We also describe some of the key techniques used to study percolation on random graphs. Local convergence is essential to study the local structure of random graphs, and predicts the limit of the percolation critical value, since the giant in percolated random graphs is 'almost local'; To study near-critical connected component sizes, we rely on graph exploration processes, and their scaling limits obtained through weak convergence of stochastic processes and martingale central limit theorems. For dynamic random graphs, we rely on stochastic approximation and martingale techniques.
In more detail, the mini-course consists of the following lectures:
Lecture 1: Random Graphs, Networks and Percolation.
Lecture 2: Giants and Percolation Phase Transition on Random Graphs.
Lecture 3: Critical Percolation on Rank-1 Random Graphs.
Lecture 4: Percolation on Dynamic Random Graphs.
We assume no prior knowledge in random graph theory.
Jan Swart: The Brownian web
In my lectures I will discuss the basic theory of the Brownian web, some of its applications, and more recent developments. The plan for the lectures is:
Lecture 1: The Brownian web; Convergence of systems of nearest-neighbour coalescing random walks to the Brownian web, structure of the Brownian web including special points, and an application to the Arratia flow.

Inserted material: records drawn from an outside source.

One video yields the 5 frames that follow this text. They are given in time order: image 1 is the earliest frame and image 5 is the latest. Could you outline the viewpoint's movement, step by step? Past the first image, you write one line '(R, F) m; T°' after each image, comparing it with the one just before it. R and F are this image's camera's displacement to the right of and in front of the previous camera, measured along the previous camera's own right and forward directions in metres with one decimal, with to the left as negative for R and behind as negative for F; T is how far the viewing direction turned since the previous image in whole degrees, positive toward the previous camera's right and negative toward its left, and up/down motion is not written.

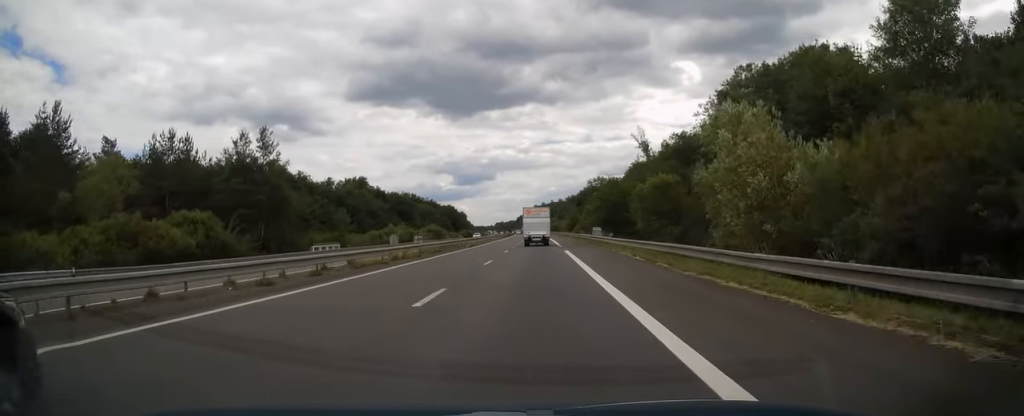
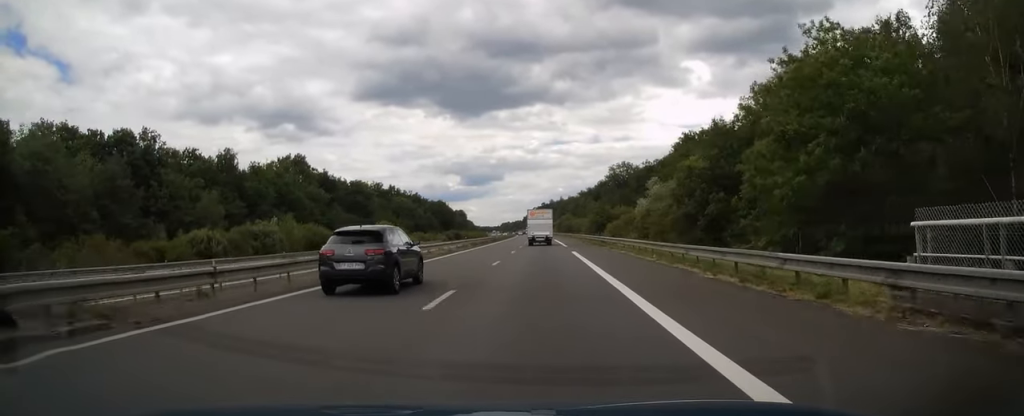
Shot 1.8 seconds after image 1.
(-0.4, +53.1) m; -1°
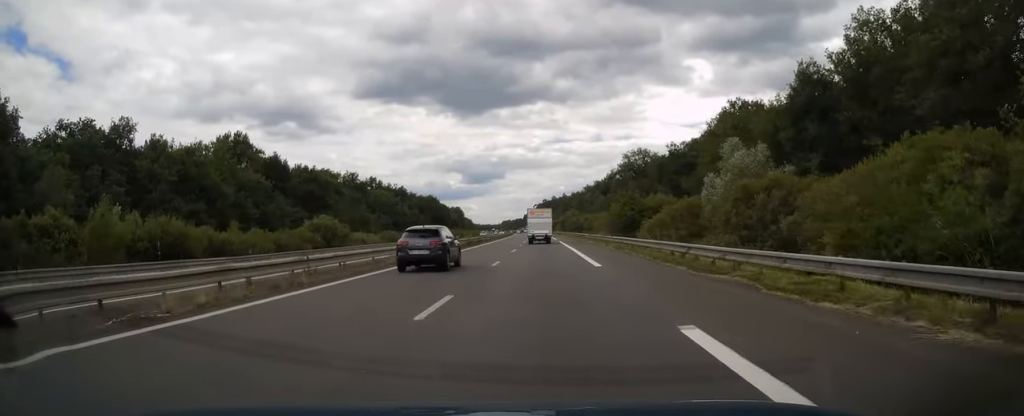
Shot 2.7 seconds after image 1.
(-0.1, +27.6) m; 0°
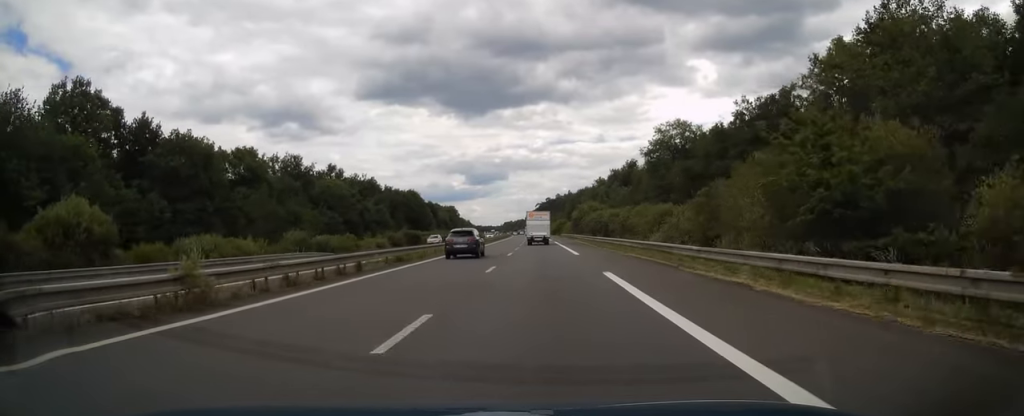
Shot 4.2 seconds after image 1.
(-0.1, +41.8) m; 0°
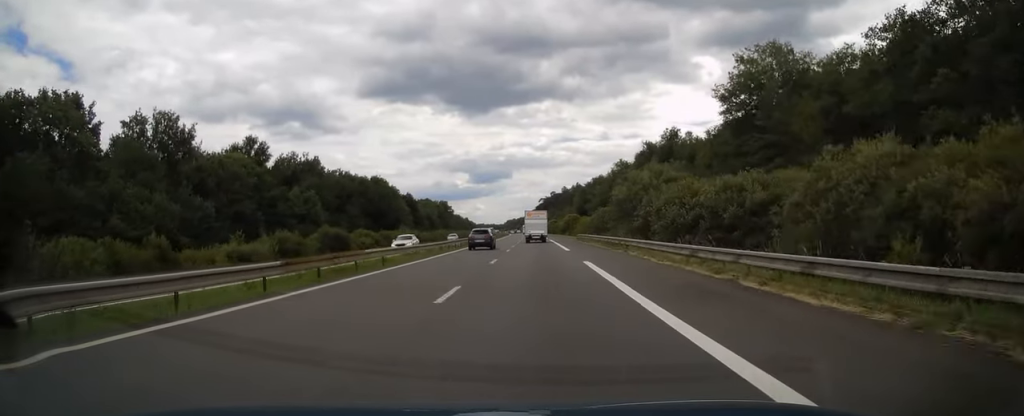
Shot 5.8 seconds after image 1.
(-0.2, +47.8) m; 0°

Lecture 2: Applications of the Brownian web; The true self-repelling motion, the directed spanning forest, the Brownian castle, and the Brownian marble.
Lecture 3: The Brownian net; Equivalent definitions and applications to voter model perturbations and Howitt-Warren flows.
Lecture 4: Universality of the Brownian web; Convergence of non-nearest neighbour coalescing random walks to the Brownian web, the augmented Brownian web, and multi-scale webs.